EXERCISE DIRECTIONS
For this exercise, write out exactly the lines of the material from the one containing "#6435 = AXIS2_PLACEMENT_3D('',#6436,#6437,#6438);" through the end, both ends included, and nothing more.

SUPPLIED RECORDS
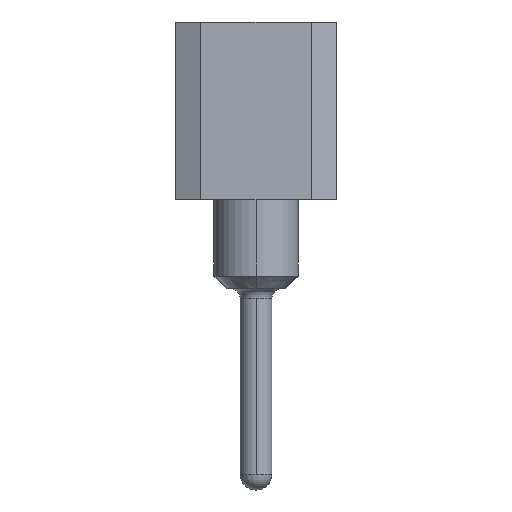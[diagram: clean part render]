
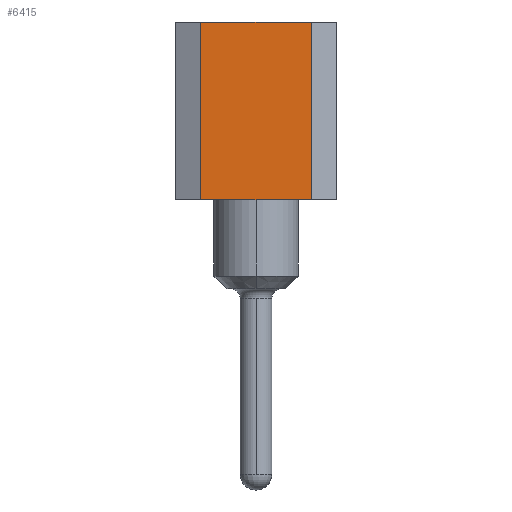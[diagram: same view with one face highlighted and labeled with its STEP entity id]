
A CAD part, front view. The second image highlights one B-rep face of the part: STEP entity #6415.
In plain terms, the highlighted planar face has unit normal (0, -1, 0).
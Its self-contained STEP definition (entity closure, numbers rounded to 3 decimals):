
#5679 = VERTEX_POINT('',#5680);
#5680 = CARTESIAN_POINT('',(-0.87,-11.43,4.21));
#5686 = EDGE_CURVE('',#5687,#5679,#5689,.T.);
#5687 = VERTEX_POINT('',#5688);
#5688 = CARTESIAN_POINT('',(0.87,-11.43,4.21));
#5689 = LINE('',#5690,#5691);
#5690 = CARTESIAN_POINT('',(0.87,-11.43,4.21));
#5691 = VECTOR('',#5692,1.);
#5692 = DIRECTION('',(-1.,0.,0.));
#6389 = EDGE_CURVE('',#6390,#5687,#6392,.T.);
#6390 = VERTEX_POINT('',#6391);
#6391 = CARTESIAN_POINT('',(0.87,-11.43,1.41));
#6392 = LINE('',#6393,#6394);
#6393 = CARTESIAN_POINT('',(0.87,-11.43,1.41));
#6394 = VECTOR('',#6395,1.);
#6395 = DIRECTION('',(0.,0.,1.));
#6415 = ADVANCED_FACE('',(#6416),#6434,.T.);
#6416 = FACE_BOUND('',#6417,.T.);
#6417 = EDGE_LOOP('',(#6418,#6419,#6427,#6433));
#6418 = ORIENTED_EDGE('',*,*,#5686,.T.);
#6419 = ORIENTED_EDGE('',*,*,#6420,.F.);
#6420 = EDGE_CURVE('',#6421,#5679,#6423,.T.);
#6421 = VERTEX_POINT('',#6422);
#6422 = CARTESIAN_POINT('',(-0.87,-11.43,1.41));
#6423 = LINE('',#6424,#6425);
#6424 = CARTESIAN_POINT('',(-0.87,-11.43,1.41));
#6425 = VECTOR('',#6426,1.);
#6426 = DIRECTION('',(0.,0.,1.));
#6427 = ORIENTED_EDGE('',*,*,#6428,.F.);
#6428 = EDGE_CURVE('',#6390,#6421,#6429,.T.);
#6429 = LINE('',#6430,#6431);
#6430 = CARTESIAN_POINT('',(0.87,-11.43,1.41));
#6431 = VECTOR('',#6432,1.);
#6432 = DIRECTION('',(-1.,0.,0.));
#6433 = ORIENTED_EDGE('',*,*,#6389,.T.);
#6434 = PLANE('',#6435);
#6435 = AXIS2_PLACEMENT_3D('',#6436,#6437,#6438);
#6436 = CARTESIAN_POINT('',(0.,-11.43,1.41));
#6437 = DIRECTION('',(0.,-1.,0.));
#6438 = DIRECTION('',(1.,0.,0.));

SOLUTION FOR THIS TASK
#6435 = AXIS2_PLACEMENT_3D('',#6436,#6437,#6438);
#6436 = CARTESIAN_POINT('',(0.,-11.43,1.41));
#6437 = DIRECTION('',(0.,-1.,0.));
#6438 = DIRECTION('',(1.,0.,0.));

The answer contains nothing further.